Il a décliné, m’expliquant que ce refus était une décision de couple, liée aux ambitions politiques de sa femme et à leur désir d’avoir d’autres enfants. Jamais personne ne m’a fait part d’un tel choix, aussi clairement assumé. » Rien que de très normal selon lui : « J’essaie de soutenir ma femme pour qu’elle s’épanouisse dans sa carrière. La politique est une ascèse qui serait impossible sans le soutien du conjoint. » Sa femme, elle, loue son côté Pygmalion : « Il est le plus féministe de nous deux. Sans lui, je ne me serais pas sentie capable d’aller jusqu’au bout. »
Jérôme Pécresse et la politique ? Sa réponse fuse : « Je n’ai jamais réussi à être élu délégué de classe ! J’aime être jugé sur des performances rationnelles et mesurables. » La droite semble avoir mis du temps avant de le convaincre. Aux réunions, tous les deux mois, de 30.com, un club de trentenaires prometteurs qui recevaient de célèbres invités, « Jérôme était favorable à l’intervention de l’Etat dans l’économie », se souvient Diane Ségalen. Valérie Pécresse en parle librement : « Je ne l’ai pas épousé en me disant que j’allais le changer. Nous évoluons et grandissons ensemble.

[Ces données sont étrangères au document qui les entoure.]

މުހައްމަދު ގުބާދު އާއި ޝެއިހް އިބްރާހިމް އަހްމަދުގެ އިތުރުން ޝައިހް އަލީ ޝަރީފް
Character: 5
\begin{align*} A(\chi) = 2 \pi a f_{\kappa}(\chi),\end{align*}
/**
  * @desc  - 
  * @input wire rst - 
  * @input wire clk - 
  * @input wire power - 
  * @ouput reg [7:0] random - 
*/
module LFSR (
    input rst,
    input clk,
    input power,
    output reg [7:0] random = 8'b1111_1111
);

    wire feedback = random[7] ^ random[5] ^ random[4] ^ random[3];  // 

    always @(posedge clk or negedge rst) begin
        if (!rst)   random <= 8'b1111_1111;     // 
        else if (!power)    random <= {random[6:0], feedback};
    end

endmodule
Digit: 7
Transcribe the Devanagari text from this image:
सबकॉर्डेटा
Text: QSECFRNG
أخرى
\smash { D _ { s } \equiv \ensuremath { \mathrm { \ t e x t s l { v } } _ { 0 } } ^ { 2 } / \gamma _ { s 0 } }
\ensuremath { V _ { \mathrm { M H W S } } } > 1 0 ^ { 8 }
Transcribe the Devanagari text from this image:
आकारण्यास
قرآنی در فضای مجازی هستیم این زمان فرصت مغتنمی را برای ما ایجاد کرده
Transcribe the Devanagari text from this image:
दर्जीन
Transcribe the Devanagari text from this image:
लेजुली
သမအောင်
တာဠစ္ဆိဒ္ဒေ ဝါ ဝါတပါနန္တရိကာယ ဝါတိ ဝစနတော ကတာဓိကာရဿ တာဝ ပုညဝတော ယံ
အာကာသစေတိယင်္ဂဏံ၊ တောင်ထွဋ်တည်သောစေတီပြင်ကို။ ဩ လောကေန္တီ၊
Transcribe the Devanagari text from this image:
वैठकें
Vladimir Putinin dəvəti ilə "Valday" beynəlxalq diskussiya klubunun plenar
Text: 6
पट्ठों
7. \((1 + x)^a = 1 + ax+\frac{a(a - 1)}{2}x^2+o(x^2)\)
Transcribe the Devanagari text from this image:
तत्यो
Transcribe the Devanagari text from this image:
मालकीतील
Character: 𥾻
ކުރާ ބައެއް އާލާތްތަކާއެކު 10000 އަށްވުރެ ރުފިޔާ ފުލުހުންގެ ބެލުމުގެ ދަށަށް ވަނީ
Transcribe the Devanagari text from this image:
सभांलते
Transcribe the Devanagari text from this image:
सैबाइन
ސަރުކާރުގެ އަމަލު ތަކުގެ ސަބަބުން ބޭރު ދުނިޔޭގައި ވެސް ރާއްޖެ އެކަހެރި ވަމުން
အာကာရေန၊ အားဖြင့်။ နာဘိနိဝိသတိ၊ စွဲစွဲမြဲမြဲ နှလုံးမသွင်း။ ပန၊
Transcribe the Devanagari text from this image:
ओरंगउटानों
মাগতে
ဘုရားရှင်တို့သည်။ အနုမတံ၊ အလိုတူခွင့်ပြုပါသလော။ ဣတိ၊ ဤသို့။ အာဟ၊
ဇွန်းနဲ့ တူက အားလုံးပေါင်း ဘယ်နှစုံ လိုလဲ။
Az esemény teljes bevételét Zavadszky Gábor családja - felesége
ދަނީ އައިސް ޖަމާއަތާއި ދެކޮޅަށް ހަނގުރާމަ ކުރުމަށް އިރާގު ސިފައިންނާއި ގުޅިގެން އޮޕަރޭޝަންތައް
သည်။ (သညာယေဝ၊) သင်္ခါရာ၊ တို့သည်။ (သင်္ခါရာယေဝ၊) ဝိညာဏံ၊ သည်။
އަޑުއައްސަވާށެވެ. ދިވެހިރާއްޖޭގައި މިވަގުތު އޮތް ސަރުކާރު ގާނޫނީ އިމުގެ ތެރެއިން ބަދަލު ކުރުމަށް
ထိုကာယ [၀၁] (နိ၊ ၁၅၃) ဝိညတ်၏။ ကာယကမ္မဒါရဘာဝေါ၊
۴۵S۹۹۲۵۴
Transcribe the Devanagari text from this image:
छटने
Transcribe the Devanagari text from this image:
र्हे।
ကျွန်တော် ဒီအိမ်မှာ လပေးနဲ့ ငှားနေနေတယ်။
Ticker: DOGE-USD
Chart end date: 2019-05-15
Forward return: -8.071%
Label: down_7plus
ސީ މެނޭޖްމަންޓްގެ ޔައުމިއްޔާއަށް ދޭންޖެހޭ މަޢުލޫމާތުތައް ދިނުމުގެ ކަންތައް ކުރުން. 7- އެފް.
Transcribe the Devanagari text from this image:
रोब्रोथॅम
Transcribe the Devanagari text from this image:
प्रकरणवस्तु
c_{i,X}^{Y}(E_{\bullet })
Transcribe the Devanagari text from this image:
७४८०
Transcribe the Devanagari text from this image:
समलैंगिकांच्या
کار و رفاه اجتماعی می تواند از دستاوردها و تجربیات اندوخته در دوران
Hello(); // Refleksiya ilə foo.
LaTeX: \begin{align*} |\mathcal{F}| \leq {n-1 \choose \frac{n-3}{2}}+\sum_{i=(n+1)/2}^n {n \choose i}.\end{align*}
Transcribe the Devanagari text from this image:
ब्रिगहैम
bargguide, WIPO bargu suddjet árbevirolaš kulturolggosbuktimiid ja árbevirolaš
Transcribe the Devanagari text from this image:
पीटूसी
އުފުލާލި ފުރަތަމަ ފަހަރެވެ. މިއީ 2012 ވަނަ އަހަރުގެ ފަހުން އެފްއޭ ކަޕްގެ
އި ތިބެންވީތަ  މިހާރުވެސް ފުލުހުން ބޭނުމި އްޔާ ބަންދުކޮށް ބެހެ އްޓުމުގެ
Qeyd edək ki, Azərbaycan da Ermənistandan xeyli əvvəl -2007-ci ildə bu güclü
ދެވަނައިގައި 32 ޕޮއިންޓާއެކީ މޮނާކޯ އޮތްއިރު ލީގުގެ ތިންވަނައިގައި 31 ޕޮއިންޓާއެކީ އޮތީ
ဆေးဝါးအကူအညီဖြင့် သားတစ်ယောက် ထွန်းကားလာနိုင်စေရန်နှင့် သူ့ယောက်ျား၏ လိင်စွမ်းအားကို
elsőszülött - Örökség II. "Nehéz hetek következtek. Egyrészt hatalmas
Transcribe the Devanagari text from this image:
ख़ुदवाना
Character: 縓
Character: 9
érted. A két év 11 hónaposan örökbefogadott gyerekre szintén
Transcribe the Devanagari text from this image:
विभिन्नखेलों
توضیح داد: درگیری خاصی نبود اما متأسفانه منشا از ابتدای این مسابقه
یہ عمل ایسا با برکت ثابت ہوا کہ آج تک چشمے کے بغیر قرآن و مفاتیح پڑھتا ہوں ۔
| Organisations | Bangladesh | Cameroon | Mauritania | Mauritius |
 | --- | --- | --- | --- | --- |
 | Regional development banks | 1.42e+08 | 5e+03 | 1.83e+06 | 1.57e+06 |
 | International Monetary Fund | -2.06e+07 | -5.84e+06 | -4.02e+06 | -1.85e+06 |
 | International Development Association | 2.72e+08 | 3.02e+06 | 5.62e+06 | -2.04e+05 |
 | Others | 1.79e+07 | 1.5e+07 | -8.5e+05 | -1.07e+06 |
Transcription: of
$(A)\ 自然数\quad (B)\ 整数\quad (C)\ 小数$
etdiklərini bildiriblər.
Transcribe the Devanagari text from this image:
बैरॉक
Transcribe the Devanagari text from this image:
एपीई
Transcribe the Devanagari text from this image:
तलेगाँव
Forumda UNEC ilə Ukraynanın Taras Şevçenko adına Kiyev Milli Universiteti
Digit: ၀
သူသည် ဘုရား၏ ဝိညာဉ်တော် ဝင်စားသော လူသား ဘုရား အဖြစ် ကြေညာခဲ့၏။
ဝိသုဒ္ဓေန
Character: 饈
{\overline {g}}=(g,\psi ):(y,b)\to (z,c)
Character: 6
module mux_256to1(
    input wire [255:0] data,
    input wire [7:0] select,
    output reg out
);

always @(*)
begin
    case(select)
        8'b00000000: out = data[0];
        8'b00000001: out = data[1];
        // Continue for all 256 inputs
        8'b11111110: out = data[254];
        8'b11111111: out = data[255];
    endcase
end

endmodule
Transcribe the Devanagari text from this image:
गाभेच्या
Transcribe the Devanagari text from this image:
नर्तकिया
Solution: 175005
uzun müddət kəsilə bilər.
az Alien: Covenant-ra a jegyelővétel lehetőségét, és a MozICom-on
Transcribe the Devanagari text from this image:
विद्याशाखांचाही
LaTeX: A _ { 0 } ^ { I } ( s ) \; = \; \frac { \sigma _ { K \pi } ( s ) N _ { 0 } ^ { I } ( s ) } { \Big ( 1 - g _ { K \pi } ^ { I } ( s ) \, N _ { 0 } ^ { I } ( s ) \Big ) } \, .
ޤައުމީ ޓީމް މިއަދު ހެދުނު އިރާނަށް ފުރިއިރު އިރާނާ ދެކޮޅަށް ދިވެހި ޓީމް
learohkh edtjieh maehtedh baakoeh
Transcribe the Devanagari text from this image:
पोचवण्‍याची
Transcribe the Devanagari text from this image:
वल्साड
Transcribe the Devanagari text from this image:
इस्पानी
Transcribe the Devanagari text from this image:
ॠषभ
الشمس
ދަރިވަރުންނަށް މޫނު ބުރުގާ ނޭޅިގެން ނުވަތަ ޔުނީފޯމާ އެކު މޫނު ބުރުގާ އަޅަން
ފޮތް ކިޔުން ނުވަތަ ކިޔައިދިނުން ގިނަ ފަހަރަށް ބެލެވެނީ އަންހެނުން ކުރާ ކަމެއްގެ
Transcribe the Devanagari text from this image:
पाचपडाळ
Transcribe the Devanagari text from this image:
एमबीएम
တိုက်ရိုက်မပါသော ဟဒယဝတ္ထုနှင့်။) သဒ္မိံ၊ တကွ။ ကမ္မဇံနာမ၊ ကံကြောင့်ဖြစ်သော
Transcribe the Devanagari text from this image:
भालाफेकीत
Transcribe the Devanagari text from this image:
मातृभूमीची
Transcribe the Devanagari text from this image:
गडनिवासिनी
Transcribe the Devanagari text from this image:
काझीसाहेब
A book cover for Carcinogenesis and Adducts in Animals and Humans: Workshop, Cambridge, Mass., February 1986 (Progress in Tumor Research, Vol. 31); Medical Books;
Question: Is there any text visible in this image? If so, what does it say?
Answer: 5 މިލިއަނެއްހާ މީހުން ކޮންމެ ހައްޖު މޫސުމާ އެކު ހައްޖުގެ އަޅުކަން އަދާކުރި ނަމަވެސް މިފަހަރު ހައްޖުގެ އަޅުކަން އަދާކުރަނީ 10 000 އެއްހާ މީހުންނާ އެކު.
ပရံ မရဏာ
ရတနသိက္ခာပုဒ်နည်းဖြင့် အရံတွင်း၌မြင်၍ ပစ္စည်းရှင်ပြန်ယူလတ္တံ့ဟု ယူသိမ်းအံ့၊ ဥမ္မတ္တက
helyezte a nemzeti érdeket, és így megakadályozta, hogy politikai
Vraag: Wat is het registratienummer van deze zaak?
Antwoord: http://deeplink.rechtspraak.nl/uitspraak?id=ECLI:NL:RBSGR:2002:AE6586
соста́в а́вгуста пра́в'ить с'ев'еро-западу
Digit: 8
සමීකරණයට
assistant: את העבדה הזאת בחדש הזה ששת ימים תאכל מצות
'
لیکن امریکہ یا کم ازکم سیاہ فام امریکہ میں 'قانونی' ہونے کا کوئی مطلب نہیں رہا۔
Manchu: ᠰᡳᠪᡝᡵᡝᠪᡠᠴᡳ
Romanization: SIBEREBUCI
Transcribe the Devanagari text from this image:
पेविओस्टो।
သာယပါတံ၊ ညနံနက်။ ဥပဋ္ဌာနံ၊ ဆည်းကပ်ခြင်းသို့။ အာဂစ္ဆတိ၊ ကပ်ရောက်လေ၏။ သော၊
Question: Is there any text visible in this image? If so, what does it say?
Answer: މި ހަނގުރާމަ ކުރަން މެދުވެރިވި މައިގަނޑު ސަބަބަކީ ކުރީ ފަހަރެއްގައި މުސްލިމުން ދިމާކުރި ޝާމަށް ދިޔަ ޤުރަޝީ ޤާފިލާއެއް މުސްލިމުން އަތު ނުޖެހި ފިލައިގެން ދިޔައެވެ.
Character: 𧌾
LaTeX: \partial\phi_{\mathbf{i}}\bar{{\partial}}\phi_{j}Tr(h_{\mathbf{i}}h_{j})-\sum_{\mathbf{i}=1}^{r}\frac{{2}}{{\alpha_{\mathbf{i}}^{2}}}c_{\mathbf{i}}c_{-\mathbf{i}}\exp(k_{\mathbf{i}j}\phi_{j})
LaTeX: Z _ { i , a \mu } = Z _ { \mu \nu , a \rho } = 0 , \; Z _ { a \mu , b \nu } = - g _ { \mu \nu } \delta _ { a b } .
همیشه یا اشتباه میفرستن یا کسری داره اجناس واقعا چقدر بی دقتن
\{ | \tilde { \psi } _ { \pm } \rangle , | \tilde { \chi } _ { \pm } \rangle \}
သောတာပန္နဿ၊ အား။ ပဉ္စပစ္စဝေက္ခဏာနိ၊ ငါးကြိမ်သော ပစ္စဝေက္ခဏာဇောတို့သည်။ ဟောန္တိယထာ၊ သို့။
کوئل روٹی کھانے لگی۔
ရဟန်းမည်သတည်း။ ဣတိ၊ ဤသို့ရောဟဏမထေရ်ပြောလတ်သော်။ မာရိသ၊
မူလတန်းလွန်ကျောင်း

C’est un réformiste plutôt de gauche, qui a été séduit par le discours et le courage de Nicolas Sarkozy. »
Leur vie quotidienne évite l’improvisation. Ils organisent leur emploi du temps trois mois à l’avance et sollicitent leurs parents et amis pour s’occuper de Baptiste, Clément et Emilie. Mais quand ils se retrouvent, ils font tout « pour ne pas laisser le stress entrer à la maison ». Il lui offre des livres, lui fait découvrir Bret Easton Ellis, Tom Wolfe et d’autres écrivains américains, ils cuisinent ensemble. Dès que ce joueur de tennis aura plus de temps libre, il reprendra les tournois de bridge. Ancien champion de France universitaire, il a fait ses calculs : « A 43 ans, j’en ai encore quinze pour progresser. » Tout dépendra de l’ascension politique de Valérie.